“云岭谣”的灯光是蜂蜜色的,浓稠地淌在深色木桌上,将粗陶碗碟的边缘镀上一层毛茸茸的金边。空气里有种厚重的暖,混合着几十种菌子、火腿、草果和不知名香辛料在陶锅里经年累月煨出的陈香,还有新鲜薄荷被手指捻碎时迸出的、尖锐的清凉。这气味是活的,像把一整座雨后湿漉漉的云南山林,囫囵塞进了这方四壁之间。
夏小晴几乎是跌进那卡座里,对面是整面落地的旧木格窗,窗外,梧桐枯瘦的枝桠将老街的路灯光剪成碎片,随风晃着,像一地淌着的、碎了的蛋黄。江浩脱了外套,里面是件简单的炭灰色羊绒衫,领口有些松垮,露出清晰的锁骨凹陷。他没戴眼镜,眼神在暖融的光线下显得有些散,不那么聚焦,仿佛刚从一场很深的睡眠里醒来,魂魄还未完全归位。
“饿。”他把菜单推过来,声音带着刚醒的哑,只有一个字。
夏小晴接过那本厚重的、边角被摩挲得发亮的菜单,纸页间散发出淡淡的、类似晒干植物的气息。图片上的菌子们色彩诡艳,形态奇崛,名字也像咒语:见手青、鸡枞、干巴菌、虎掌菌……“这个!这个菌子锅!还有汽锅鸡!烤罗非鱼!黑三剁!水性杨花!”她的指尖在图片上跳跃,眼睛亮得惊人,仿佛那些奇形怪状的菌子能隔着纸页伸出钩子,把她魂儿都勾了去。
江浩没看菜单,只是用指尖捏着粗陶茶杯的耳朵,慢慢地转。茶水是淡金色的,浮着两朵舒展开的茉莉,热气笔直地上升,在他眼前散成一片迷蒙的雾。他就隔着那片雾看她,看她鼻尖兴奋得冒出细小汗珠,看她无意识咬着下唇纠结是点中份还是大份,看她睫毛在暖光下像两把躁动不安的小刷子。空气里有微尘在光柱里缓缓沉浮,隔壁桌传来筷子碰碗的轻响,远处厨房隐约有锅铲与铁锅碰撞的、热烈的喧哗。一切声响都被这稠密温暖的空气过滤得柔和了,包裹了,像隔着一层厚厚的、涂了蜜的玻璃。

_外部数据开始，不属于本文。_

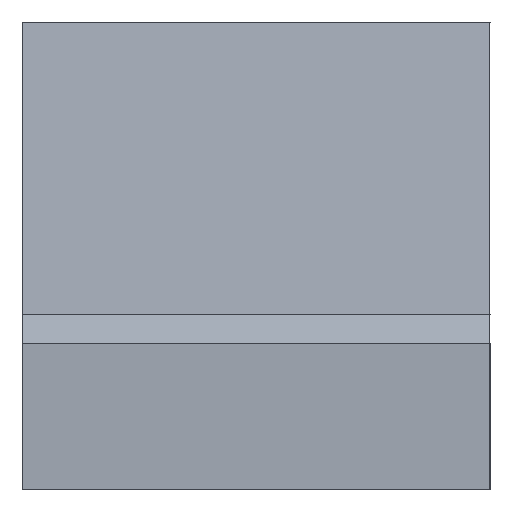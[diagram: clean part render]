
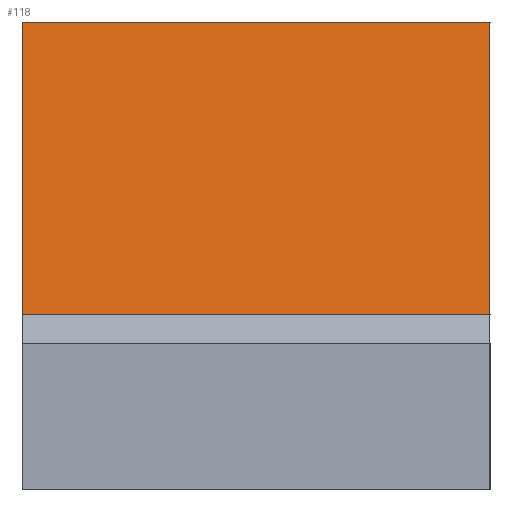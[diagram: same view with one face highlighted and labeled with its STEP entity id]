
A CAD part, left-side view. The second image highlights one B-rep face of the part: STEP entity #118.
In plain terms, the highlighted planar face has unit normal (-0.99, 0, 0.139).
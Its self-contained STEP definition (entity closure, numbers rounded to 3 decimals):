
#118=ADVANCED_FACE('',(#184),#185,.T.);
#184=FACE_OUTER_BOUND('',#292,.T.);
#185=PLANE('',#293);
#292=EDGE_LOOP('',(#459,#460,#461,#462));
#293=AXIS2_PLACEMENT_3D('',#463,#464,#465);
#459=ORIENTED_EDGE('',*,*,#832,.T.);
#460=ORIENTED_EDGE('',*,*,#833,.F.);
#461=ORIENTED_EDGE('',*,*,#834,.F.);
#462=ORIENTED_EDGE('',*,*,#830,.T.);
#463=CARTESIAN_POINT('',(-0.61,0.4,0.3));
#464=DIRECTION('',(-0.99,0.0,0.139));
#465=DIRECTION('',(0.0,1.0,0.0));
#830=EDGE_CURVE('',#981,#979,#982,.T.);
#832=EDGE_CURVE('',#979,#984,#985,.T.);
#833=EDGE_CURVE('',#986,#984,#987,.T.);
#834=EDGE_CURVE('',#981,#986,#988,.T.);
#979=VERTEX_POINT('',#1224);
#981=VERTEX_POINT('',#1227);
#982=LINE('',#1228,#1229);
#984=VERTEX_POINT('',#1232);
#985=LINE('',#1233,#1234);
#986=VERTEX_POINT('',#1235);
#987=LINE('',#1236,#1237);
#988=LINE('',#1238,#1239);
#1224=CARTESIAN_POINT('',(-0.54,0.4,0.8));
#1227=CARTESIAN_POINT('',(-0.54,-0.4,0.8));
#1228=CARTESIAN_POINT('',(-0.54,0.4,0.8));
#1229=VECTOR('',#1534,1000.0);
#1232=CARTESIAN_POINT('',(-0.61,0.4,0.3));
#1233=CARTESIAN_POINT('',(-0.54,0.4,0.8));
#1234=VECTOR('',#1536,1000.0);
#1235=CARTESIAN_POINT('',(-0.61,-0.4,0.3));
#1236=CARTESIAN_POINT('',(-0.61,0.4,0.3));
#1237=VECTOR('',#1537,1000.0);
#1238=CARTESIAN_POINT('',(-0.54,-0.4,0.8));
#1239=VECTOR('',#1538,1000.0);
#1534=DIRECTION('',(0.0,1.0,-0.0));
#1536=DIRECTION('',(-0.139,0.0,-0.99));
#1537=DIRECTION('',(0.0,1.0,-0.0));
#1538=DIRECTION('',(-0.139,0.0,-0.99));

最终,桌上还是摆得满满当当。黑陶锅坐在小小的炭炉上,汤是浓稠的、近乎奶白的颜色,咕嘟咕嘟地翻滚着,金黄的鸡块和形态各异的菌子在里面沉浮,热气蒸腾,带着山野泥土、腐殖质和某种近乎危险的鲜甜香气,扑面而来。汽锅鸡的汤则清澈见底,能照见顶上木梁的纹路。烤罗非鱼披红挂绿,焦脆的鱼皮在灯光下泛着油润的光。清炒的水性杨花翠生生一盘,像是把一截最嫩的春天掐下来,直接炒了。
“汤。”江浩拿起她的碗,那碗粗粝,带着陶土本色的暗沉。他没用勺,直接端着锅,倾斜一个角度,让那滚烫的清汤流成一道细亮金黄的线,注入碗中。又用筷子,从那汽锅深处,夹出两块最腴润的鸡腿肉,皮是完整的淡黄色,肉是莹白的,颤巍巍地放在汤面上。他做这一切时,手指稳定,动作有一种奇异的流畅,仿佛演练过千百遍,却又漫不经心。

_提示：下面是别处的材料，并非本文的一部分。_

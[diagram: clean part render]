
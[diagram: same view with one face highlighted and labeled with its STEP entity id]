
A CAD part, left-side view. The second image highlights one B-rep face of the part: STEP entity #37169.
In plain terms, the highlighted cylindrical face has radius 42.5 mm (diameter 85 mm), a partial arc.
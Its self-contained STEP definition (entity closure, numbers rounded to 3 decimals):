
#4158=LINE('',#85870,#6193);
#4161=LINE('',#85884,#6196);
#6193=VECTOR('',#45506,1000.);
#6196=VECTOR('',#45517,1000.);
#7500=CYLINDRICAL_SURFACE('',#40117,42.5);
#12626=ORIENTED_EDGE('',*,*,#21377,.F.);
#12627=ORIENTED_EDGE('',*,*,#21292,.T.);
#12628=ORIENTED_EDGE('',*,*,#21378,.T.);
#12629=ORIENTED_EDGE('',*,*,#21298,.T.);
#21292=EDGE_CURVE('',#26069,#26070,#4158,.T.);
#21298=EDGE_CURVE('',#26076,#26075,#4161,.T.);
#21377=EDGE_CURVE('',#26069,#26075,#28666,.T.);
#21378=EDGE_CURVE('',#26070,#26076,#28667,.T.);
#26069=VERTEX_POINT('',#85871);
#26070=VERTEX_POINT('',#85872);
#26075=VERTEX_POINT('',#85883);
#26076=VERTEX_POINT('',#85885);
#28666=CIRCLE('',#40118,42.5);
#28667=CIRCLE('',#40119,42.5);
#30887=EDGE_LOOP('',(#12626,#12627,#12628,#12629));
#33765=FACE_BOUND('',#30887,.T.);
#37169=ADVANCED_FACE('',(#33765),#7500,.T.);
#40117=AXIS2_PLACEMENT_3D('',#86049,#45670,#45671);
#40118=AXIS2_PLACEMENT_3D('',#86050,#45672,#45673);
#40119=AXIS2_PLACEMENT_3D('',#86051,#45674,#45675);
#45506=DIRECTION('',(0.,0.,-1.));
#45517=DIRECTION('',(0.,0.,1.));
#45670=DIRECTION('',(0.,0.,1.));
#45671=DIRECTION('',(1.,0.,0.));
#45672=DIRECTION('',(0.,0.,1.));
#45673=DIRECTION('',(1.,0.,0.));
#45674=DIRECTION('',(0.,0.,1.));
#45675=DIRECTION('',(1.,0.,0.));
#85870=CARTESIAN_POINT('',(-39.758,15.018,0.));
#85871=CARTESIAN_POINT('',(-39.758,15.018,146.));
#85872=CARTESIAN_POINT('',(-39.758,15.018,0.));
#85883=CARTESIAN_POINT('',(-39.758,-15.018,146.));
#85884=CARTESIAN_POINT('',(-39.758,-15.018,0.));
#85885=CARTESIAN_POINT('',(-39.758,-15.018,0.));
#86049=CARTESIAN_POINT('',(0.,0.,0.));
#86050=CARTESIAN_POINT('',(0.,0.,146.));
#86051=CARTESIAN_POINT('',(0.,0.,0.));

夏小晴捧起碗,先闻了闻。是纯粹的、没有任何杂质的鲜,直冲天灵盖。她小心地抿了一口,滚烫的汤汁滑过舌尖,那鲜便炸开了,不是味精那种单薄的、停留在表面的鲜,而是厚实的、有层次的,带着胶质感的醇厚,一路暖下去,五脏六腑都舒展开。她满足地叹息一声,眼睛弯成了缝。
江浩也喝了一口,他没说话,只是看着碗里袅袅上升的热气,眼神有些空,仿佛那热气里藏着什么旁人看不见的图景。过了一会儿,他才拿起漏勺,手腕一沉,从翻滚的菌子锅里捞起一片边缘微微卷曲、色泽变成某种奇异靛青的菌子,放进她碗里。“见手青,”他说,声音不高,被汤锅的沸腾声衬得有些模糊,“颜色变得最快,像被谁看了一眼,就慌了神。”

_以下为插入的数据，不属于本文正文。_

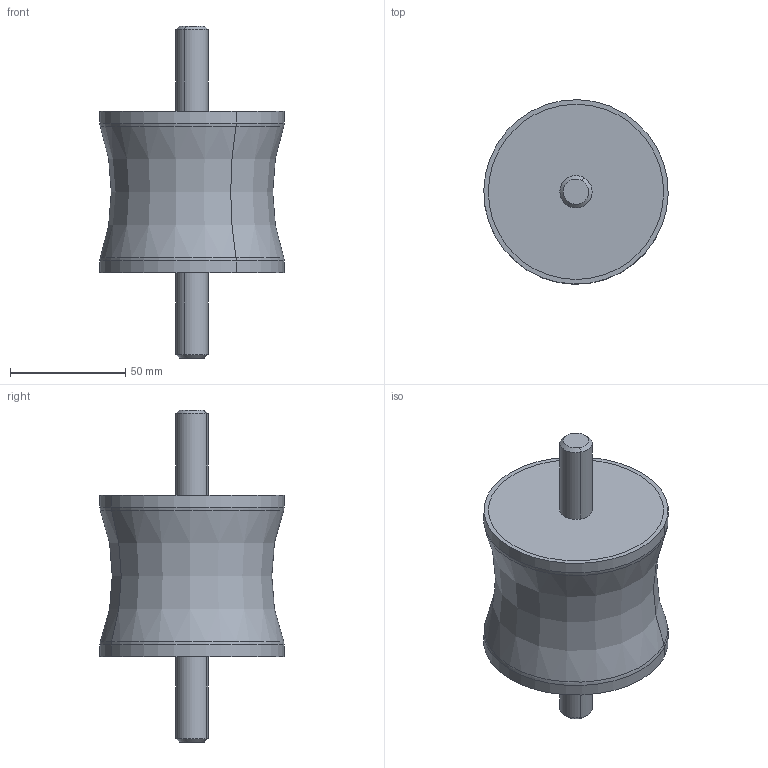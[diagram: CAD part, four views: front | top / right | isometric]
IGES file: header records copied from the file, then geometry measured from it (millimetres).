
Start section: START RECORD GO HERE.
Global section: file name: 521801-RADIAFLEX.igs; native system: IBM CATIA IGES - CATIA Version 5 Release 19 ; preprocessor: CATIA Version 5 Release 19 ; author: CatiaV5; organization: LEV3; date: 20110601.082408; units: millimetre
Bounding box: 79.98 x 79.98 x 144 mm (x, y, z)
Surface area: 29856.5 mm2 (no closed solid volume)
Topology: 0 solids, 0 shells, 24 faces, 116 edges, 116 vertices
Faces by surface type: revolution 18, plane 6

夏小晴噗嗤笑出声,夹起那片菌子。入口是爽脆的,带着菌类特有的滑嫩,那鲜味又是另一种,更野,更飘忽,带着点雨后森林里腐叶和苔藓混杂的、微腥的生机。她没去细想“慌了神”是什么味道,只觉得好吃,好吃得让她眯起了眼。
江浩便又给她捞。鸡枞菌,他说:“这个长得刁钻,专找白蚁的旧房子住。味道也刁,像把雷雨天刚过、林子最湿最闷的那股气,封在里头了。”
松茸,厚厚一片,他说:“松树底下长的,性子独,不爱热闹。嚼着,有股子木头的沉味,还有松针扎手的疼劲儿,假的,是香气太冲。”
牛肝菌,肥厚,油亮,他说:“这个笨,胖,一肚子都是山里的雨水和雾气,咬下去,会溅你一身秋天。”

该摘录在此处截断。